Approximate nearest neighbour algorithm does not result with similar nodes

Im trying to find similar images using approximate nearest neighbour algorithm using cosine similarity. This is the query:

MATCH (p:Image)
WITH {item:id(p), weights: p.vec} AS userData
WITH collect(userData) AS data
CALL gds.alpha.ml.ann.write({
nodeProjection: '',
relationshipProjection: '
',
data: data,
topK:20,
algorithm: 'cosine',
writeRelationshipType:"SIMILAR_APPROX",
similarityCutoff: 0.1,
p:0.5,
maxIterations:50
})
YIELD nodes, similarityPairs, computations
RETURN nodes,
apoc.number.format(similarityPairs) AS similarityPairs,
apoc.number.format(computations) AS computations

But when I search similar images to one specific image, non of the results are from the same category as the first image (dolphin). I have 9119 nodes in my database. Here's the query for searching similar images to one specific image:

MATCH (r:Image) WHERE id(r)=1932
WITH r,
[(r)-[:SIMILAR_APPROX]->(i)| i.path ] AS similarNodes
RETURN similarNodes

input image: image_0042
one example of output images: image_0030

Am I missing some parameters in algorithm or why am I getting results from other categories when clearly I have more similar images in database?

Thank you in advance!

What are you passing to ANN to measure similarity on? The node property in p.vec?

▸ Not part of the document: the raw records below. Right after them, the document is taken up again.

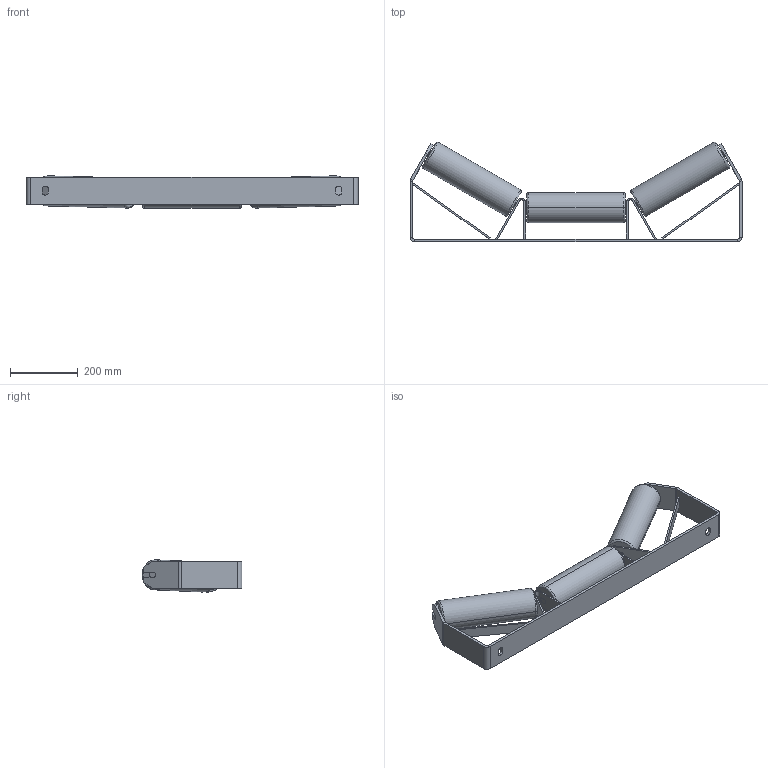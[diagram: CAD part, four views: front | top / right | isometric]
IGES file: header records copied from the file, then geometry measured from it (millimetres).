
Start section: SolidWorks IGES file using analytic representation for surfaces
Global section: file name: Support SNLM53300 E100 8 B800 30° avec pincement .igs; native system: SolidWorks 2019; preprocessor: SolidWorks 2019; author: guillaume; date: 210917.104532; units: millimetre
Bounding box: 980 x 294.43 x 95.6 mm (x, y, z)
Volume: 1172460.3 mm3; surface area: 950710.8 mm2
Topology: 5 solids, 11 shells, 293 faces, 714 edges, 456 vertices
Faces by surface type: plane 201, revolution 75, bspline 17

I would check the similarity of the two images using cosine similarity directly https://neo4j.com/docs/graph-data-science/current/alpha-algorithms/cosine/. It's possible that there's something off in your image embedding that's causing the two vectors to be quite similar. The categories you're referencing aren't available to ANN, so it's solely based on the values in p.vec.

You're also returning the top 20 most similar images, with a cutoff of 10%... which could give you some fairly dissimilar images. If you return the similarity scores of the pairs, what are they? And do you get the same value from cosine similarity run over that pair?